Amagi is betting that broadcast and live video are still in the early stages of moving to the cloud, Subramanian told TechCrunch, estimating that less than 10% of the industry has made the shift, leaving a long runway as media groups modernise infrastructure and expand ad-supported streaming.
The company’s appeal lies in being a “premium” and highly reliable platform for blue-chip customers, said Rachit Parekh, a partner at Accel, arguing that downtime during major live events can be highly costly for broadcasters and streamers. This dynamic has helped drive high customer retention and expansion.
Nonetheless, Amagi is also competing against legacy broadcast vendors that are racing to modernize their own offerings for the cloud, while its push into AI-driven automation will test whether Amagi can expand beyond infrastructure into software with better profit margins without rising cloud costs eating into profitability.
Amagi said it plans to plow most of the fresh proceeds into technology and cloud infrastructure, allocating ₹5.50 billion ($60.21 million) for that purpose, while also setting aside funds for potential acquisitions and general corporate use, per its prospectus.
Amagi’s debut comes as India’s IPO market has drawn a rising number of technology-led listings, supported by strong domestic investor demand even as late-stage startup funding remains subdued.

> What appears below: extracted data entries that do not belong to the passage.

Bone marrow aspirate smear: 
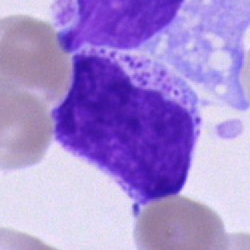Showing a cell of indeterminate lineage.
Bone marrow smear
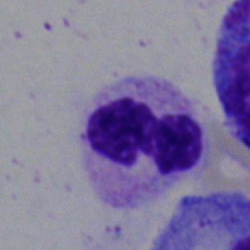
This is a neutrophil (segmented).
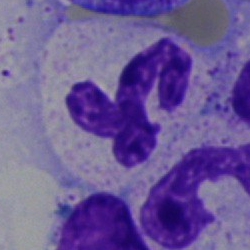
Morphology → polymorphonuclear neutrophil.
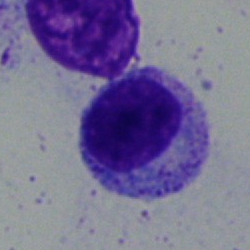 Cell type = myelocyte.
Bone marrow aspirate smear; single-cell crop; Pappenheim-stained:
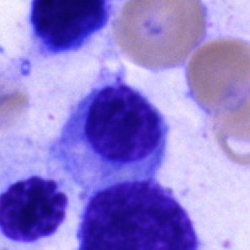 A nucleated red blood cell.
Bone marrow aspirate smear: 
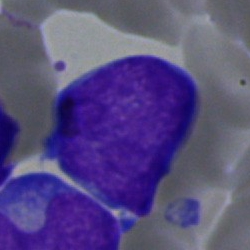Cell — blast.
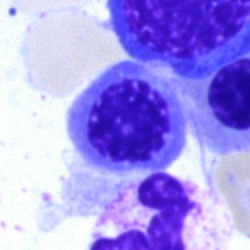A nucleated red blood cell on a bone marrow smear.
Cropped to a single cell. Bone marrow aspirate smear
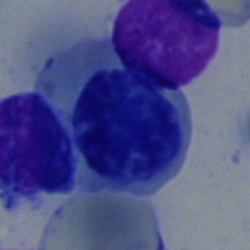

Morphology → erythroblast.
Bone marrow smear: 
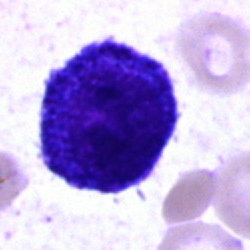

Q: Identify the cell.
A: A blast cell.
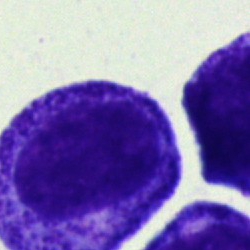Q: Which cell type is shown here?
A: This is a promyelocyte.
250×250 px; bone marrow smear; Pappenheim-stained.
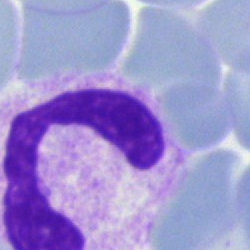 Specimen: bone marrow aspirate smear.
Classification: segmented neutrophil.
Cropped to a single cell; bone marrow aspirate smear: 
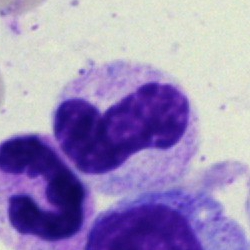
Stab cell.
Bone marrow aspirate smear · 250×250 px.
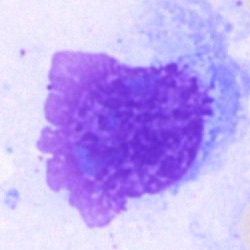

Cell type — artifact.
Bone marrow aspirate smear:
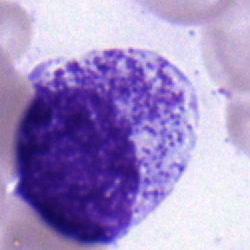
Cell type — myelocyte.
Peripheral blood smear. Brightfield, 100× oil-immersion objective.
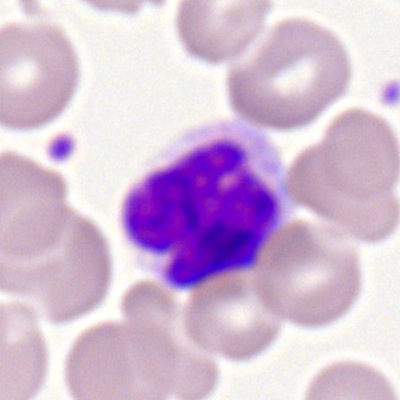

Classification: neutrophil (segmented).
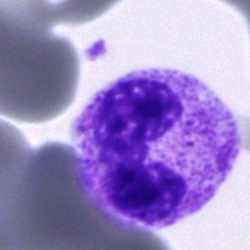
The cell is segmented neutrophil.
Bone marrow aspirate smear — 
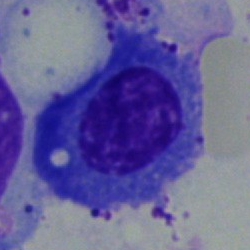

The shift has positioned public markets as both a growth-financing option and a path to exits for early backers, a dynamic that has become more visible as private capital has turned more selective.
India’s tech sector recorded 42 IPOs in 2025, up from 36 in 2024, per market intelligence firm Tracxn. Several venture-backed startups, including consumer and fintech firms, are also widely expected to test public markets in 2026 as the pipeline builds.